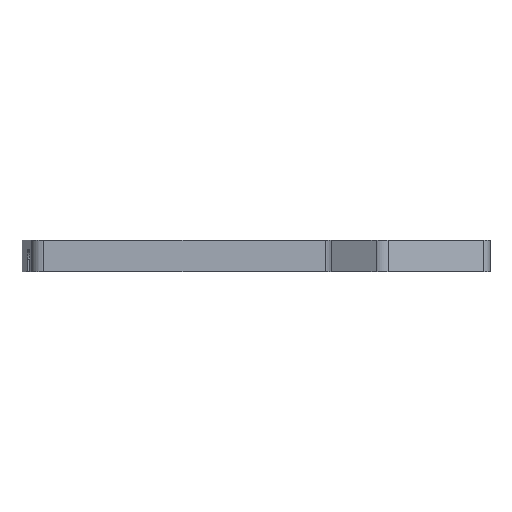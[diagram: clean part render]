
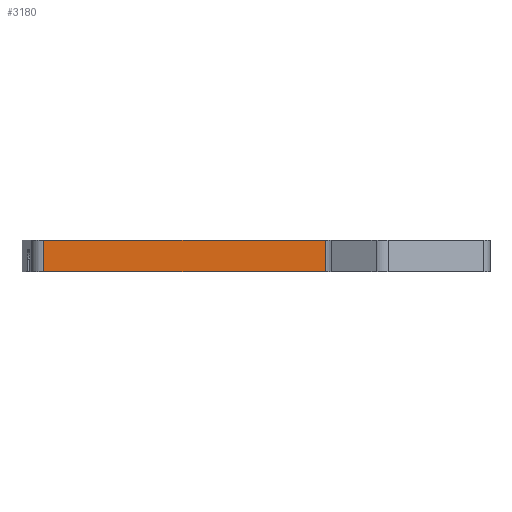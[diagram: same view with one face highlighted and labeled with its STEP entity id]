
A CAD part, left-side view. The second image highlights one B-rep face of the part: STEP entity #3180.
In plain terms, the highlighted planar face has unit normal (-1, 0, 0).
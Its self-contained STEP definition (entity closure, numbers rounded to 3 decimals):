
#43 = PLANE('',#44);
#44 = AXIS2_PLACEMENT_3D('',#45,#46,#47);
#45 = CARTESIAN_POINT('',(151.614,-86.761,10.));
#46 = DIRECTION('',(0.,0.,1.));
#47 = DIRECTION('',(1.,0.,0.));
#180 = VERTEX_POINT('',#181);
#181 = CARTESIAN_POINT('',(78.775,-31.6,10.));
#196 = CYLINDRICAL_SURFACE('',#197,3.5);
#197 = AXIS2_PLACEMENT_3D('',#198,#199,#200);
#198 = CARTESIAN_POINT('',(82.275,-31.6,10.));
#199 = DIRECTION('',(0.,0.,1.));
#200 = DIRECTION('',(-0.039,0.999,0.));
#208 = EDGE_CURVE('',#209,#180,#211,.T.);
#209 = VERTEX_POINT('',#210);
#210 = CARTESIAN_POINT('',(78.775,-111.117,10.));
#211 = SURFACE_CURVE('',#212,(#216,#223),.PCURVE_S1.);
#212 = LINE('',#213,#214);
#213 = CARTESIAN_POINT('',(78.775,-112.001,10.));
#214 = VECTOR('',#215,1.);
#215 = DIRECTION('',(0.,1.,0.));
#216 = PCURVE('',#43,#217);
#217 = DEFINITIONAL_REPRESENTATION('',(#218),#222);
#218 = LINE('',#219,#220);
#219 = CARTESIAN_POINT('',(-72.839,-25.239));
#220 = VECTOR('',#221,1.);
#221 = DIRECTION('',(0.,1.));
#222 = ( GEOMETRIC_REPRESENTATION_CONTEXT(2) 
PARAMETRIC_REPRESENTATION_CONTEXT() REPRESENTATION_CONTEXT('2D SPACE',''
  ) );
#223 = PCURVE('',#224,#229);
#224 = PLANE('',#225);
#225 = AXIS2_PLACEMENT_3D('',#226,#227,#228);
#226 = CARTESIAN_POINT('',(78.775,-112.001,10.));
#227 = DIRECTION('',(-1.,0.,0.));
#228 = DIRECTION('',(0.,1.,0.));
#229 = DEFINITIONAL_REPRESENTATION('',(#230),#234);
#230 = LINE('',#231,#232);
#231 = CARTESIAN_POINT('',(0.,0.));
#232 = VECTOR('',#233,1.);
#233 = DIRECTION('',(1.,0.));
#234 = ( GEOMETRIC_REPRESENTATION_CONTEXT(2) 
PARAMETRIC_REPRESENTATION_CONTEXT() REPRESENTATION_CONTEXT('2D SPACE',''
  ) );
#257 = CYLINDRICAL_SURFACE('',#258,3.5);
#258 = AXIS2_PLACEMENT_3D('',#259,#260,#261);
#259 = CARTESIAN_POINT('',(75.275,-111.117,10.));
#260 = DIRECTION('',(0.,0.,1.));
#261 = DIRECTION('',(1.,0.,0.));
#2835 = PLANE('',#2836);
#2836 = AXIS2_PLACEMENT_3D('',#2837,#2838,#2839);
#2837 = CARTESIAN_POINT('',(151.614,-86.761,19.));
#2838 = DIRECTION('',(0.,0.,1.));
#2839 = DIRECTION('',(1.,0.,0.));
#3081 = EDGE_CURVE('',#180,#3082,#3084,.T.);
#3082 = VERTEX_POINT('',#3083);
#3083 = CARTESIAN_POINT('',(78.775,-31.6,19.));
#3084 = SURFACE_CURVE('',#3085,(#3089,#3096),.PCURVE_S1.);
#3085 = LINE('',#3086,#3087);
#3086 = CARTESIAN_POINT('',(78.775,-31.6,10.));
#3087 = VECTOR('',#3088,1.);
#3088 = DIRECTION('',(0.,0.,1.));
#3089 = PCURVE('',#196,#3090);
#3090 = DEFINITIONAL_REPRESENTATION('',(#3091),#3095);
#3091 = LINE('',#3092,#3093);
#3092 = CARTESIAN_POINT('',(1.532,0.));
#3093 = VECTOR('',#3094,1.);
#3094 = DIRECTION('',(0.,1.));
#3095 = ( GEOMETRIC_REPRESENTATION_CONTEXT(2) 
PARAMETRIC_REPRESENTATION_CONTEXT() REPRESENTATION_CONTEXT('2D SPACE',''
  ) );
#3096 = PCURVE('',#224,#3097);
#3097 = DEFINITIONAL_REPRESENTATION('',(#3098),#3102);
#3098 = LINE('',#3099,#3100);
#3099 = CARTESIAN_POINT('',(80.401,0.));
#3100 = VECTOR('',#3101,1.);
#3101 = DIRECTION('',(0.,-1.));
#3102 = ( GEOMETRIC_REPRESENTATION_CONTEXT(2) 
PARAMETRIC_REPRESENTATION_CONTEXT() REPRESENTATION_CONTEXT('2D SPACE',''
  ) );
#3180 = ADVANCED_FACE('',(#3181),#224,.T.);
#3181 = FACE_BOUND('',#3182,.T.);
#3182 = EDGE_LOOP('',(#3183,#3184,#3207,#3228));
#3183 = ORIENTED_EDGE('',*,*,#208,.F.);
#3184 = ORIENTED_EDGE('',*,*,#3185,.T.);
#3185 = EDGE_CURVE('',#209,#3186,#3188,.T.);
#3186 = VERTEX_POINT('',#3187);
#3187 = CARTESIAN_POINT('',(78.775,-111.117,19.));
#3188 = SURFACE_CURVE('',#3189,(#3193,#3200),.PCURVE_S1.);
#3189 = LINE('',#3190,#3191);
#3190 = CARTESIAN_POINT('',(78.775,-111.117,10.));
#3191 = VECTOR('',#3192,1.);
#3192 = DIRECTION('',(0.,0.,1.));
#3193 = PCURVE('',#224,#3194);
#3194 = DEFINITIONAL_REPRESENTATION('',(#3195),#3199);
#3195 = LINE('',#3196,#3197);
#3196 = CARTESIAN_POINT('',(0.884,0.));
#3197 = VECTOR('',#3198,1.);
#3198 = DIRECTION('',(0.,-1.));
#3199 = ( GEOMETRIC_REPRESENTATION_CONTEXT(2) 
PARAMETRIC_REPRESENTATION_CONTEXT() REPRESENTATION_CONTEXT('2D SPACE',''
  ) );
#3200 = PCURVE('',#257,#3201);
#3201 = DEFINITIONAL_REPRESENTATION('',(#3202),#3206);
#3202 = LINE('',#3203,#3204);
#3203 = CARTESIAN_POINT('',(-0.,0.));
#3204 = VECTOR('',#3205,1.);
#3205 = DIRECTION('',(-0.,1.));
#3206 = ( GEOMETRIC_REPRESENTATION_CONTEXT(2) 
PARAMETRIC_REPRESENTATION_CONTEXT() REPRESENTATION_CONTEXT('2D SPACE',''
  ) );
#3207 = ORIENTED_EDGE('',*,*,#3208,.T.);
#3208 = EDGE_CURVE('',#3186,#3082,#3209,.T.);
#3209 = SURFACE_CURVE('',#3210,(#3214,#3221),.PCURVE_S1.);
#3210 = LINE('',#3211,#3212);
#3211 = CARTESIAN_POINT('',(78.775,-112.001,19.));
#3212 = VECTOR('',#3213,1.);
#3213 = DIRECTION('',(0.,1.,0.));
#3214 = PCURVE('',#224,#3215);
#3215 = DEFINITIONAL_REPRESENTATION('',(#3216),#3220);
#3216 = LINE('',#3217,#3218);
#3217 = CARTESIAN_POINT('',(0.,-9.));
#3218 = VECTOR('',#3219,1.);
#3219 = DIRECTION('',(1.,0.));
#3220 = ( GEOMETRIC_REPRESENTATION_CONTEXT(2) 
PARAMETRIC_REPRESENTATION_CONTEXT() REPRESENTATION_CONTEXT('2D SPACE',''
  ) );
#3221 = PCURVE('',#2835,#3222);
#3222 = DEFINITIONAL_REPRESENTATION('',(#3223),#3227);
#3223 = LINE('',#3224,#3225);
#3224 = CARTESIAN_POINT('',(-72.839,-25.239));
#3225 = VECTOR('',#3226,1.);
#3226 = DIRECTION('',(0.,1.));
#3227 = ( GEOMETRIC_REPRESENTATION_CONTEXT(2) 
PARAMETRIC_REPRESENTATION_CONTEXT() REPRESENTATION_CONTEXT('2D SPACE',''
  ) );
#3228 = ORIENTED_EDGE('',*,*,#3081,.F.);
☆ ☆ ☆ ☆
About this task:
Could you return exactly the stretch of the data above that starts at the line with "#232 = VECTOR('',#233,1.);" and ends at the line with "#3189 = LINE('',#3190,#3191);", both lines included?

Problem solution:
#232 = VECTOR('',#233,1.);
#233 = DIRECTION('',(1.,0.));
#234 = ( GEOMETRIC_REPRESENTATION_CONTEXT(2) 
PARAMETRIC_REPRESENTATION_CONTEXT() REPRESENTATION_CONTEXT('2D SPACE',''
  ) );
#257 = CYLINDRICAL_SURFACE('',#258,3.5);
#258 = AXIS2_PLACEMENT_3D('',#259,#260,#261);
#259 = CARTESIAN_POINT('',(75.275,-111.117,10.));
#260 = DIRECTION('',(0.,0.,1.));
#261 = DIRECTION('',(1.,0.,0.));
#2835 = PLANE('',#2836);
#2836 = AXIS2_PLACEMENT_3D('',#2837,#2838,#2839);
#2837 = CARTESIAN_POINT('',(151.614,-86.761,19.));
#2838 = DIRECTION('',(0.,0.,1.));
#2839 = DIRECTION('',(1.,0.,0.));
#3081 = EDGE_CURVE('',#180,#3082,#3084,.T.);
#3082 = VERTEX_POINT('',#3083);
#3083 = CARTESIAN_POINT('',(78.775,-31.6,19.));
#3084 = SURFACE_CURVE('',#3085,(#3089,#3096),.PCURVE_S1.);
#3085 = LINE('',#3086,#3087);
#3086 = CARTESIAN_POINT('',(78.775,-31.6,10.));
#3087 = VECTOR('',#3088,1.);
#3088 = DIRECTION('',(0.,0.,1.));
#3089 = PCURVE('',#196,#3090);
#3090 = DEFINITIONAL_REPRESENTATION('',(#3091),#3095);
#3091 = LINE('',#3092,#3093);
#3092 = CARTESIAN_POINT('',(1.532,0.));
#3093 = VECTOR('',#3094,1.);
#3094 = DIRECTION('',(0.,1.));
#3095 = ( GEOMETRIC_REPRESENTATION_CONTEXT(2) 
PARAMETRIC_REPRESENTATION_CONTEXT() REPRESENTATION_CONTEXT('2D SPACE',''
  ) );
#3096 = PCURVE('',#224,#3097);
#3097 = DEFINITIONAL_REPRESENTATION('',(#3098),#3102);
#3098 = LINE('',#3099,#3100);
#3099 = CARTESIAN_POINT('',(80.401,0.));
#3100 = VECTOR('',#3101,1.);
#3101 = DIRECTION('',(0.,-1.));
#3102 = ( GEOMETRIC_REPRESENTATION_CONTEXT(2) 
PARAMETRIC_REPRESENTATION_CONTEXT() REPRESENTATION_CONTEXT('2D SPACE',''
  ) );
#3180 = ADVANCED_FACE('',(#3181),#224,.T.);
#3181 = FACE_BOUND('',#3182,.T.);
#3182 = EDGE_LOOP('',(#3183,#3184,#3207,#3228));
#3183 = ORIENTED_EDGE('',*,*,#208,.F.);
#3184 = ORIENTED_EDGE('',*,*,#3185,.T.);
#3185 = EDGE_CURVE('',#209,#3186,#3188,.T.);
#3186 = VERTEX_POINT('',#3187);
#3187 = CARTESIAN_POINT('',(78.775,-111.117,19.));
#3188 = SURFACE_CURVE('',#3189,(#3193,#3200),.PCURVE_S1.);
#3189 = LINE('',#3190,#3191);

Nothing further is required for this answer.